Sono le 21 e pochi minuti quando lo schermo che avvolge il
palco s’illumina di colori tenui che riflettono bolle di
luce sul pubblico presente. Per un attimo tutti in silenzio,
poi si canta con lei e ci si sente vicini alle sue emozioni
e sensazioni che sono anche le nostre. Pensare che tutto
nasce da questa ragazza esile e dolce. Un’antidiva che
rivaluta il panorama artistico mondiale e non solo italiano
grazie all’esaltazione della propria bravura. E’ vestita
in modo semplice, in nero. Maglia e pantaloni con l’unico
vezzo di un foulard bianco legato in vita. Capelli corti e
sbarazzini a testimoniare che per lei il tempo non passa
mai. Un folletto senza età benché il 19 dicembre di quest’

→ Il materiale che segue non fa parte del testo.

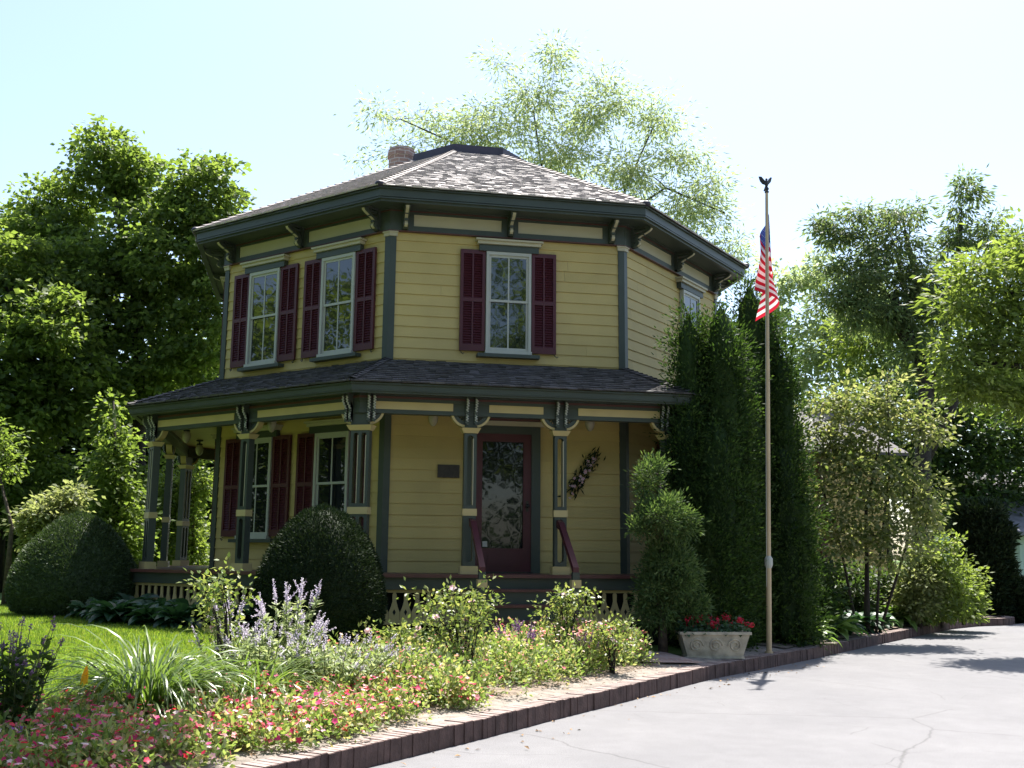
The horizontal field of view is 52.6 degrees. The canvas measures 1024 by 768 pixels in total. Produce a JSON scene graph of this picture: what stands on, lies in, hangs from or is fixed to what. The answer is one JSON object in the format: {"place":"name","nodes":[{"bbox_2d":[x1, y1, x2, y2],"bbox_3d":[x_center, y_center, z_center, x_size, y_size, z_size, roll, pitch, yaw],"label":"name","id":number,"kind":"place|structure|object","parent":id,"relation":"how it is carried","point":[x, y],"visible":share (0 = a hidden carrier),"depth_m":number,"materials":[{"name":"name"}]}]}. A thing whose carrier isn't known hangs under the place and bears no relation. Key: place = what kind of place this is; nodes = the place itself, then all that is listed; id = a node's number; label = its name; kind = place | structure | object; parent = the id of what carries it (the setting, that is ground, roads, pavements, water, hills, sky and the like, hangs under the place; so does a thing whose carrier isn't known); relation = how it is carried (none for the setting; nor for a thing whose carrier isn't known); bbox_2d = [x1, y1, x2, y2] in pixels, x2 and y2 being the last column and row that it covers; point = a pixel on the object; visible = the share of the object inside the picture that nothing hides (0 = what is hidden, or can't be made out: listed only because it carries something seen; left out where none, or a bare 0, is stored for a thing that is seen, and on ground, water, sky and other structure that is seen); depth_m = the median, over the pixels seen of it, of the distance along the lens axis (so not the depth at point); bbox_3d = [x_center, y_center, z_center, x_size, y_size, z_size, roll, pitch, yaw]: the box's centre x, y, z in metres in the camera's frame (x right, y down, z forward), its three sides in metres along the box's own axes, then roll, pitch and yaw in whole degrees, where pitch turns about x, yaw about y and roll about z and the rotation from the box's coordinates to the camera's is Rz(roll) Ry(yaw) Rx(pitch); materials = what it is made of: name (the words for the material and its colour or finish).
{"place":"outdoors","nodes":[
{"label":"outdoors","id":0,"kind":"place"},
{"bbox_2d":[189,595,261,670],"bbox_3d":[-2.421,2.174,8.787,0.570,0.808,0.578,2,-10,-11],"label":"russian sage","id":1,"kind":"object","parent":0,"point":[215,637],"visible":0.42,"depth_m":8.76,"materials":[{"name":"purple plant"}]},
{"bbox_2d":[0,604,469,701],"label":"grass","id":2,"kind":"structure","parent":0,"point":[36,634],"depth_m":11.59,"materials":[{"name":"green plant"}]},
{"bbox_2d":[348,608,437,651],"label":"rose bush","id":3,"kind":"object","parent":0,"point":[414,634],"visible":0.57,"depth_m":9.94,"materials":[{"name":"green plant"}]},
{"bbox_2d":[177,652,702,675],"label":"garden path","id":4,"kind":"structure","parent":0,"point":[664,657],"depth_m":12.71,"materials":[{"name":"brick"}]},
{"bbox_2d":[0,561,1021,708],"bbox_3d":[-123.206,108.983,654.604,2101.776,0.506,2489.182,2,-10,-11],"label":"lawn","id":5,"kind":"structure","parent":0,"point":[671,650],"depth_m":13.38,"materials":[{"name":"green plant"}]},
{"bbox_2d":[0,417,41,604],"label":"tree","id":6,"kind":"object","parent":5,"relation":"on","point":[10,449],"visible":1,"depth_m":18.97,"materials":[{"name":"green plant"}]},
{"bbox_2d":[0,476,105,552],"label":"shrub","id":7,"kind":"object","parent":5,"relation":"on","point":[33,519],"visible":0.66,"depth_m":19.17,"materials":[{"name":"green plant"}]},
{"bbox_2d":[0,225,142,592],"label":"maple tree","id":8,"kind":"object","parent":5,"relation":"on","point":[34,391],"visible":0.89,"depth_m":24.63,"materials":[{"name":"green plant"}]},
{"bbox_2d":[3,510,141,615],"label":"clipped yew","id":9,"kind":"object","parent":5,"relation":"on","point":[60,564],"visible":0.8,"depth_m":15.68,"materials":[{"name":"green plant"}]},
{"bbox_2d":[64,598,93,617],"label":"hosta","id":10,"kind":"object","parent":5,"relation":"on","point":[79,605],"visible":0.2,"depth_m":14.93,"materials":[{"name":"green plant"}]},
{"bbox_2d":[5,390,177,568],"bbox_3d":[-15.781,3.136,32.926,12.436,7.444,6.919,0,-9,4],"label":"background tree","id":11,"kind":"object","parent":5,"relation":"on","point":[68,449],"visible":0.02,"depth_m":32.04,"materials":[{"name":"green plant"}]},
{"bbox_2d":[75,597,127,621],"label":"hosta","id":12,"kind":"object","parent":5,"relation":"on","point":[86,611],"visible":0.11,"depth_m":14.56,"materials":[{"name":"green plant"}]},
{"bbox_2d":[81,599,143,624],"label":"hosta","id":13,"kind":"object","parent":5,"relation":"on","point":[113,612],"visible":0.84,"depth_m":13.94,"materials":[{"name":"green plant"}]},
{"bbox_2d":[71,387,175,561],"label":"young tree","id":14,"kind":"object","parent":5,"relation":"on","point":[114,511],"visible":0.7,"depth_m":21.77,"materials":[{"name":"green plant"}]},
{"bbox_2d":[0,112,257,567],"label":"maple tree","id":15,"kind":"object","parent":5,"relation":"on","point":[156,286],"visible":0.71,"depth_m":26.95,"materials":[{"name":"green plant"}]},
{"bbox_2d":[108,593,160,601],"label":"hosta","id":16,"kind":"object","parent":5,"relation":"on","point":[131,597],"visible":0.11,"depth_m":15.62,"materials":[{"name":"green plant"}]},
{"bbox_2d":[118,601,157,623],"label":"hosta","id":17,"kind":"object","parent":5,"relation":"on","point":[146,604],"visible":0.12,"depth_m":14.19,"materials":[{"name":"green plant"}]},
{"bbox_2d":[73,340,217,565],"bbox_3d":[-11.190,2.592,33.959,8.066,8.820,6.987,-5,-11,32],"label":"background tree","id":18,"kind":"object","parent":5,"relation":"on","point":[209,505],"depth_m":32.47,"materials":[{"name":"green plant"}]},
{"bbox_2d":[80,448,210,565],"bbox_3d":[-9.549,3.707,26.910,5.703,4.018,3.534,1,-9,-2],"label":"background shrub","id":19,"kind":"object","parent":5,"relation":"on","point":[140,468],"visible":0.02,"depth_m":26.61,"materials":[{"name":"green plant"}]},
{"bbox_2d":[123,603,169,625],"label":"hosta","id":20,"kind":"object","parent":5,"relation":"on","point":[144,614],"visible":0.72,"depth_m":13.54,"materials":[{"name":"green plant"}]},
{"bbox_2d":[130,597,175,608],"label":"hosta","id":21,"kind":"object","parent":5,"relation":"on","point":[161,601],"visible":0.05,"depth_m":14.56,"materials":[{"name":"green plant"}]},
{"bbox_2d":[108,459,213,566],"bbox_3d":[-8.544,3.312,24.788,3.640,3.814,2.079,2,-10,-11],"label":"lilac shrub","id":22,"kind":"object","parent":5,"relation":"on","point":[201,490],"visible":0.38,"depth_m":24.66,"materials":[{"name":"green plant"}]},
{"bbox_2d":[148,604,206,629],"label":"hosta","id":23,"kind":"object","parent":5,"relation":"on","point":[177,614],"visible":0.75,"depth_m":13.24,"materials":[{"name":"green plant"}]},
{"bbox_2d":[164,598,211,608],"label":"hosta","id":24,"kind":"object","parent":5,"relation":"on","point":[182,600],"visible":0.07,"depth_m":14.06,"materials":[{"name":"green plant"}]},
{"bbox_2d":[169,598,222,627],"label":"hosta","id":25,"kind":"object","parent":5,"relation":"on","point":[190,607],"visible":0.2,"depth_m":13.50,"materials":[{"name":"green plant"}]},
{"bbox_2d":[202,603,251,628],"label":"hosta","id":26,"kind":"object","parent":5,"relation":"on","point":[235,613],"visible":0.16,"depth_m":13.36,"materials":[{"name":"green plant"}]},
{"bbox_2d":[238,613,251,626],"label":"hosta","id":27,"kind":"object","parent":5,"relation":"on","point":[247,621],"visible":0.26,"depth_m":13.38,"materials":[{"name":"green plant"}]},
{"bbox_2d":[248,502,388,642],"bbox_3d":[-2.302,2.263,12.442,1.670,1.701,1.659,2,-10,-11],"label":"clipped yew","id":28,"kind":"object","parent":5,"relation":"on","point":[332,549],"visible":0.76,"depth_m":11.93,"materials":[{"name":"green plant"}]},
{"bbox_2d":[3,661,673,767],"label":"bed soil","id":29,"kind":"structure","parent":5,"relation":"on","point":[516,689],"depth_m":9.95,"materials":[{"name":"brown soil"}]},
{"bbox_2d":[0,616,64,724],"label":"dark perennial","id":30,"kind":"object","parent":29,"relation":"on","point":[17,692],"visible":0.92,"depth_m":6.50,"materials":[{"name":"green plant"}]},
{"bbox_2d":[1,702,87,753],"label":"shaded impatiens","id":31,"kind":"object","parent":29,"relation":"on","point":[82,714],"visible":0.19,"depth_m":6.30,"materials":[{"name":"red plant"}]},
{"bbox_2d":[28,623,280,731],"bbox_3d":[-2.603,2.183,7.464,1.919,0.883,1.893,2,-10,-11],"label":"daylily","id":32,"kind":"object","parent":29,"relation":"on","point":[155,680],"visible":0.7,"depth_m":7.26,"materials":[{"name":"green plant"}]},
{"bbox_2d":[177,552,260,670],"bbox_3d":[-2.442,1.982,8.616,0.709,1.170,0.740,2,-10,-11],"label":"rose bush","id":33,"kind":"object","parent":29,"relation":"on","point":[209,605],"visible":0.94,"depth_m":8.54,"materials":[{"name":"green plant"}]},
{"bbox_2d":[0,656,494,767],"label":"impatiens","id":34,"kind":"object","parent":29,"relation":"on","point":[111,735],"visible":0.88,"depth_m":6.75,"materials":[{"name":"green plant"}]},
{"bbox_2d":[170,641,351,715],"bbox_3d":[-2.030,2.349,8.008,1.590,0.669,1.495,2,-10,-11],"label":"daylily","id":35,"kind":"object","parent":29,"relation":"on","point":[258,679],"visible":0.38,"depth_m":7.86,"materials":[{"name":"green plant"}]},
{"bbox_2d":[211,618,331,680],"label":"sage clump","id":36,"kind":"object","parent":29,"relation":"on","point":[260,652],"visible":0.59,"depth_m":8.49,"materials":[{"name":"green plant"}]},
{"bbox_2d":[235,578,335,658],"bbox_3d":[-1.992,2.176,9.091,0.826,0.946,0.756,5,-11,-27],"label":"russian sage","id":37,"kind":"object","parent":29,"relation":"on","point":[299,626],"visible":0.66,"depth_m":9.03,"materials":[{"name":"purple plant"}]},
{"bbox_2d":[270,629,397,688],"bbox_3d":[-1.500,2.356,8.719,1.094,0.572,1.073,2,-10,-11],"label":"sage clump","id":38,"kind":"object","parent":29,"relation":"on","point":[342,656],"visible":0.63,"depth_m":8.54,"materials":[{"name":"green plant"}]},
{"bbox_2d":[364,643,436,673],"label":"sage clump","id":39,"kind":"object","parent":29,"relation":"on","point":[397,653],"visible":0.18,"depth_m":9.21,"materials":[{"name":"green plant"}]},
{"bbox_2d":[396,570,509,674],"bbox_3d":[-0.609,2.320,9.884,0.942,1.093,1.110,5,-10,-26],"label":"rose bush","id":40,"kind":"object","parent":29,"relation":"on","point":[459,628],"visible":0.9,"depth_m":9.79,"materials":[{"name":"green plant"}]},
{"bbox_2d":[316,614,659,708],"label":"bedding plants","id":41,"kind":"object","parent":29,"relation":"on","point":[500,660],"visible":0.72,"depth_m":10.10,"materials":[{"name":"green plant"}]},
{"bbox_2d":[495,619,538,666],"bbox_3d":[0.042,2.788,11.076,0.453,0.538,0.359,-1,-10,10],"label":"violet salvia","id":42,"kind":"object","parent":29,"relation":"on","point":[531,636],"visible":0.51,"depth_m":11.09,"materials":[{"name":"purple plant"}]},
{"bbox_2d":[527,581,604,664],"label":"rose bush","id":43,"kind":"object","parent":29,"relation":"on","point":[566,625],"visible":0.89,"depth_m":11.40,"materials":[{"name":"green plant"}]},
{"bbox_2d":[566,628,599,673],"bbox_3d":[0.745,2.864,11.149,0.368,0.501,0.290,2,-10,-11],"label":"violet salvia","id":44,"kind":"object","parent":29,"relation":"on","point":[584,642],"visible":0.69,"depth_m":11.09,"materials":[{"name":"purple plant"}]},
{"bbox_2d":[521,618,651,667],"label":"begonias","id":45,"kind":"object","parent":29,"relation":"on","point":[590,621],"visible":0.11,"depth_m":12.20,"materials":[{"name":"green plant"}]},
{"bbox_2d":[582,611,646,673],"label":"rose bush","id":46,"kind":"object","parent":29,"relation":"on","point":[616,638],"visible":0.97,"depth_m":11.31,"materials":[{"name":"green plant"}]},
{"bbox_2d":[124,144,908,645],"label":"octagon house","id":47,"kind":"structure","parent":5,"relation":"on","point":[498,312],"depth_m":15.78,"materials":[{"name":"wood"}]},
{"bbox_2d":[182,430,190,442],"bbox_3d":[-5.564,0.864,17.718,0.150,0.300,0.146,2,-10,-11],"label":"porch lamp","id":48,"kind":"object","parent":47,"relation":"hanging from","point":[186,435],"visible":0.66,"depth_m":17.67,"materials":[{"name":"beige glass"}]},
{"bbox_2d":[195,440,202,455],"bbox_3d":[-6.010,1.227,19.925,0.150,0.300,0.146,2,-10,-11],"label":"porch lamp","id":49,"kind":"object","parent":47,"relation":"hanging from","point":[199,449],"visible":1,"depth_m":19.88,"materials":[{"name":"beige metal"}]},
{"bbox_2d":[206,434,215,542],"bbox_3d":[-5.182,1.847,18.092,0.150,1.840,1.050,2,-10,-11],"label":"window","id":50,"kind":"structure","parent":47,"relation":"in","point":[213,435],"depth_m":17.72,"materials":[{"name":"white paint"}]},
{"bbox_2d":[216,276,224,378],"bbox_3d":[-5.157,-0.895,18.548,0.150,1.840,1.050,2,-10,-11],"label":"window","id":51,"kind":"structure","parent":47,"relation":"in","point":[222,278],"depth_m":18.21,"materials":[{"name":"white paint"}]},
{"bbox_2d":[228,424,282,541],"bbox_3d":[-4.113,1.594,16.512,1.050,1.840,0.150,-6,-11,34],"label":"window","id":52,"kind":"structure","parent":47,"relation":"in","point":[261,487],"depth_m":16.45,"materials":[{"name":"white paint"}]},
{"bbox_2d":[237,254,290,371],"bbox_3d":[-4.088,-1.148,16.968,1.050,1.840,0.150,-6,-11,34],"label":"window","id":53,"kind":"structure","parent":47,"relation":"in","point":[265,273],"depth_m":16.99,"materials":[{"name":"white paint"}]},
{"bbox_2d":[267,422,276,432],"bbox_3d":[-3.716,0.602,16.041,0.150,0.300,0.146,2,-10,-11],"label":"porch lamp","id":54,"kind":"object","parent":47,"relation":"hanging from","point":[271,426],"visible":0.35,"depth_m":15.98,"materials":[{"name":"beige glass"}]},
{"bbox_2d":[304,418,350,513],"bbox_3d":[-2.745,1.455,15.600,1.050,1.840,0.150,-6,-11,34],"label":"window","id":55,"kind":"structure","parent":47,"relation":"in","point":[332,436],"depth_m":15.67,"materials":[{"name":"white paint"}]},
{"bbox_2d":[309,237,366,362],"bbox_3d":[-2.720,-1.287,16.056,1.050,1.840,0.150,-6,-11,34],"label":"window","id":56,"kind":"structure","parent":47,"relation":"in","point":[338,270],"depth_m":16.08,"materials":[{"name":"white paint"}]},
{"bbox_2d":[428,416,437,425],"bbox_3d":[-1.148,0.469,15.103,0.150,0.300,0.146,2,-10,-11],"label":"porch lamp","id":57,"kind":"object","parent":47,"relation":"hanging from","point":[433,420],"visible":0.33,"depth_m":15.04,"materials":[{"name":"beige glass"}]},
{"bbox_2d":[437,464,459,477],"bbox_3d":[-0.936,1.287,15.287,0.324,0.190,0.034,2,-10,-11],"label":"wall plaque","id":58,"kind":"object","parent":47,"relation":"attached to","point":[448,471],"depth_m":15.27,"materials":[{"name":"brown metal"}]},
{"bbox_2d":[475,433,530,571],"bbox_3d":[-0.136,1.746,15.323,0.860,2.030,0.120,2,-10,-11],"label":"front door","id":59,"kind":"structure","parent":47,"relation":"in","point":[503,471],"depth_m":15.36,"materials":[{"name":"red paint"}]},
{"bbox_2d":[475,237,543,359],"bbox_3d":[-0.048,-1.301,15.833,1.050,1.840,0.150,2,-10,-11],"label":"window","id":60,"kind":"structure","parent":47,"relation":"in","point":[508,261],"depth_m":15.87,"materials":[{"name":"white paint"}]},
{"bbox_2d":[558,446,605,499],"bbox_3d":[1.044,1.345,15.603,0.778,0.844,0.221,2,-10,-7],"label":"floral swag","id":61,"kind":"object","parent":47,"relation":"attached to","point":[583,478],"visible":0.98,"depth_m":15.61,"materials":[{"name":"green plant"}]},
{"bbox_2d":[585,421,594,430],"bbox_3d":[1.169,0.563,15.544,0.150,0.300,0.146,2,-10,-11],"label":"porch lamp","id":62,"kind":"object","parent":47,"relation":"hanging from","point":[589,425],"visible":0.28,"depth_m":15.48,"materials":[{"name":"beige glass"}]},
{"bbox_2d":[675,276,707,330],"bbox_3d":[3.177,-0.878,18.200,0.150,1.840,1.050,-6,-11,34],"label":"window","id":63,"kind":"structure","parent":47,"relation":"in","point":[692,292],"depth_m":18.25,"materials":[{"name":"white paint"}]},
{"bbox_2d":[334,28,786,284],"bbox_3d":[1.480,-2.652,32.032,13.995,17.686,4.563,0,-9,5],"label":"honey locust","id":64,"kind":"object","parent":5,"relation":"on","point":[552,162],"visible":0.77,"depth_m":32.50,"materials":[{"name":"green plant"}]},
{"bbox_2d":[621,447,718,652],"bbox_3d":[2.045,2.137,13.507,1.373,2.696,1.183,2,-10,-11],"label":"juniper shrub","id":65,"kind":"object","parent":5,"relation":"on","point":[669,595],"visible":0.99,"depth_m":13.38,"materials":[{"name":"green plant"}]},
{"bbox_2d":[643,296,783,651],"bbox_3d":[2.839,1.379,14.800,1.801,5.462,1.957,-7,-12,38],"label":"arborvitae","id":66,"kind":"object","parent":5,"relation":"on","point":[710,449],"visible":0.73,"depth_m":14.61,"materials":[{"name":"green plant"}]},
{"bbox_2d":[759,176,772,652],"bbox_3d":[3.659,0.337,14.757,0.336,6.908,0.120,1,-9,-3],"label":"flagpole","id":67,"kind":"object","parent":5,"relation":"on","point":[768,559],"visible":0.95,"depth_m":14.64,"materials":[{"name":"metal"}]},
{"bbox_2d":[755,214,778,320],"bbox_3d":[3.737,-1.736,15.256,0.344,1.655,0.205,-3,-10,23],"label":"flag","id":68,"kind":"object","parent":67,"relation":"hanging from","point":[773,295],"visible":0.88,"depth_m":15.19,"materials":[{"name":"red fabric"}]},
{"bbox_2d":[745,246,890,421],"bbox_3d":[11.591,1.096,38.635,6.173,13.144,4.537,2,-10,-11],"label":"background tree","id":69,"kind":"object","parent":5,"relation":"on","point":[810,333],"visible":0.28,"depth_m":38.63,"materials":[{"name":"green plant"}]},
{"bbox_2d":[754,615,995,647],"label":"border soil","id":70,"kind":"structure","parent":5,"relation":"on","point":[853,634],"depth_m":16.65,"materials":[{"name":"brown soil"}]},
{"bbox_2d":[717,264,843,652],"bbox_3d":[3.872,1.172,15.911,2.228,6.293,1.668,2,-10,-11],"label":"arborvitae","id":71,"kind":"object","parent":70,"relation":"on","point":[795,607],"visible":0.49,"depth_m":15.62,"materials":[{"name":"green plant"}]},
{"bbox_2d":[793,621,841,645],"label":"pale hosta","id":72,"kind":"object","parent":70,"relation":"on","point":[825,632],"visible":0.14,"depth_m":15.77,"materials":[{"name":"green plant"}]},
{"bbox_2d":[812,547,851,628],"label":"leafy shrub","id":73,"kind":"object","parent":70,"relation":"on","point":[835,604],"visible":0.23,"depth_m":17.12,"materials":[{"name":"green plant"}]},
{"bbox_2d":[825,624,844,640],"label":"hosta","id":74,"kind":"object","parent":70,"relation":"on","point":[833,635],"visible":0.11,"depth_m":16.66,"materials":[{"name":"green plant"}]},
{"bbox_2d":[816,614,870,641],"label":"pale hosta","id":75,"kind":"object","parent":70,"relation":"on","point":[846,624],"visible":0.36,"depth_m":16.68,"materials":[{"name":"green plant"}]},
{"bbox_2d":[815,551,889,612],"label":"leafy shrub","id":76,"kind":"object","parent":70,"relation":"on","point":[856,582],"visible":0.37,"depth_m":19.99,"materials":[{"name":"green plant"}]},
{"bbox_2d":[840,615,865,637],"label":"hosta","id":77,"kind":"object","parent":70,"relation":"on","point":[854,623],"visible":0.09,"depth_m":17.35,"materials":[{"name":"green plant"}]},
{"bbox_2d":[844,613,867,632],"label":"hosta","id":78,"kind":"object","parent":70,"relation":"on","point":[850,615],"visible":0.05,"depth_m":18.07,"materials":[{"name":"green plant"}]},
{"bbox_2d":[844,610,886,632],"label":"hosta","id":79,"kind":"object","parent":70,"relation":"on","point":[870,620],"visible":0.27,"depth_m":18.18,"materials":[{"name":"green plant"}]},
{"bbox_2d":[863,611,900,627],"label":"hosta","id":80,"kind":"object","parent":70,"relation":"on","point":[889,619],"visible":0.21,"depth_m":19.29,"materials":[{"name":"green plant"}]},
{"bbox_2d":[794,364,973,632],"bbox_3d":[6.521,1.938,18.273,3.487,4.850,2.127,1,-9,0],"label":"magnolia tree","id":81,"kind":"object","parent":70,"relation":"on","point":[859,456],"visible":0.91,"depth_m":18.25,"materials":[{"name":"green plant"}]},
{"bbox_2d":[871,608,904,625],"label":"hosta","id":82,"kind":"object","parent":70,"relation":"on","point":[889,611],"visible":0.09,"depth_m":19.91,"materials":[{"name":"green plant"}]},
{"bbox_2d":[879,605,933,631],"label":"pale hosta","id":83,"kind":"object","parent":70,"relation":"on","point":[909,620],"visible":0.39,"depth_m":19.77,"materials":[{"name":"green plant"}]},
{"bbox_2d":[896,523,989,627],"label":"leafy shrub","id":84,"kind":"object","parent":70,"relation":"on","point":[962,595],"visible":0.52,"depth_m":20.04,"materials":[{"name":"green plant"}]},
{"bbox_2d":[944,558,994,624],"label":"leafy shrub","id":85,"kind":"object","parent":70,"relation":"on","point":[982,606],"visible":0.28,"depth_m":21.02,"materials":[{"name":"green plant"}]},
{"bbox_2d":[801,312,955,576],"bbox_3d":[12.111,2.050,35.168,6.757,10.300,4.386,2,-10,-11],"label":"background tree","id":86,"kind":"object","parent":5,"relation":"on","point":[868,352],"visible":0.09,"depth_m":35.39,"materials":[{"name":"green plant"}]},
{"bbox_2d":[859,561,903,606],"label":"leafy shrub","id":87,"kind":"object","parent":5,"relation":"on","point":[888,579],"visible":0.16,"depth_m":20.68,"materials":[{"name":"green plant"}]},
{"bbox_2d":[791,162,1023,558],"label":"walnut tree","id":88,"kind":"object","parent":5,"relation":"on","point":[895,319],"visible":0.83,"depth_m":29.68,"materials":[{"name":"green plant"}]},
{"bbox_2d":[878,373,1023,540],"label":"background tree","id":89,"kind":"object","parent":5,"relation":"on","point":[986,454],"visible":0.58,"depth_m":32.45,"materials":[{"name":"green plant"}]},
{"bbox_2d":[939,320,1022,471],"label":"background tree","id":90,"kind":"object","parent":5,"relation":"on","point":[981,371],"visible":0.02,"depth_m":40.06,"materials":[{"name":"green plant"}]},
{"bbox_2d":[947,493,1023,616],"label":"yew tree","id":91,"kind":"object","parent":5,"relation":"on","point":[992,542],"visible":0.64,"depth_m":24.69,"materials":[{"name":"green plant"}]},
{"bbox_2d":[1008,574,1023,623],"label":"evergreen shrub","id":92,"kind":"object","parent":5,"relation":"on","point":[1018,613],"visible":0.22,"depth_m":24.50,"materials":[{"name":"green plant"}]},
{"bbox_2d":[0,0,1023,560],"label":"sky","id":93,"kind":"structure","parent":0,"point":[827,100],"materials":[{"name":"blue"}]},
{"bbox_2d":[370,623,1023,767],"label":"driveway","id":94,"kind":"structure","parent":0,"point":[952,698],"depth_m":9.24,"materials":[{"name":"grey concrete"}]},
{"bbox_2d":[181,662,823,767],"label":"leaf litter","id":95,"kind":"object","parent":94,"relation":"on","point":[538,694],"visible":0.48,"depth_m":9.82,"materials":[{"name":"brown plant"}]},
{"bbox_2d":[234,615,1014,767],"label":"brick kerb","id":96,"kind":"structure","parent":94,"relation":"on","point":[383,748],"depth_m":9.06,"materials":[{"name":"brown brick"}]},
{"bbox_2d":[156,645,801,767],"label":"edging strip","id":97,"kind":"object","parent":96,"relation":"on","point":[245,756],"visible":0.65,"depth_m":8.58,"materials":[{"name":"grey concrete"}]},
{"bbox_2d":[675,630,751,658],"bbox_3d":[2.590,3.361,13.384,0.920,0.335,0.420,1,-9,-3],"label":"stone planter","id":98,"kind":"object","parent":97,"relation":"on","point":[716,645],"visible":0.98,"depth_m":13.22,"materials":[{"name":"grey stone"}]},
{"bbox_2d":[675,610,754,636],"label":"geranium","id":99,"kind":"object","parent":98,"relation":"in","point":[715,627],"visible":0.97,"depth_m":13.32,"materials":[{"name":"red plant"}]},
{"bbox_2d":[882,547,956,627],"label":"leafy shrub","id":100,"kind":"object","parent":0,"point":[917,588],"visible":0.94,"depth_m":19.82,"materials":[{"name":"green plant"}]},
{"bbox_2d":[902,206,1023,433],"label":"ash tree","id":101,"kind":"object","parent":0,"point":[993,348],"visible":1,"depth_m":17.11,"materials":[{"name":"green plant"}]},
{"bbox_2d":[933,472,1023,574],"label":"garage","id":102,"kind":"structure","parent":0,"point":[1016,518],"depth_m":31.69,"materials":[{"name":"paint"}]}
]}

anno compia trent’ anni e festeggi dieci anni di carriera.
Nessuna
forma di esibizionismo, nessun tentativo di distogliere il
pensiero e l’attenzione dal vero protagonista del palco
che non sempre è il cantante, ma la voce che riesce a
spiegare. Dopo la prima ora, si arresta e si scusa per la
voce. Con la sua solita umiltà e semplicità che ce la fa
sentire una di noi. Il Datch Forum è naturalmente al
completo. Ospita un pubblico molto vario, il che sottolinea
ancora una volta come l’impronta dell’artista non abbia
età. Apre con Stay, brano tratto dall’ultimo album
“Soundtrack”, dolcissima e forte al tempo stesso.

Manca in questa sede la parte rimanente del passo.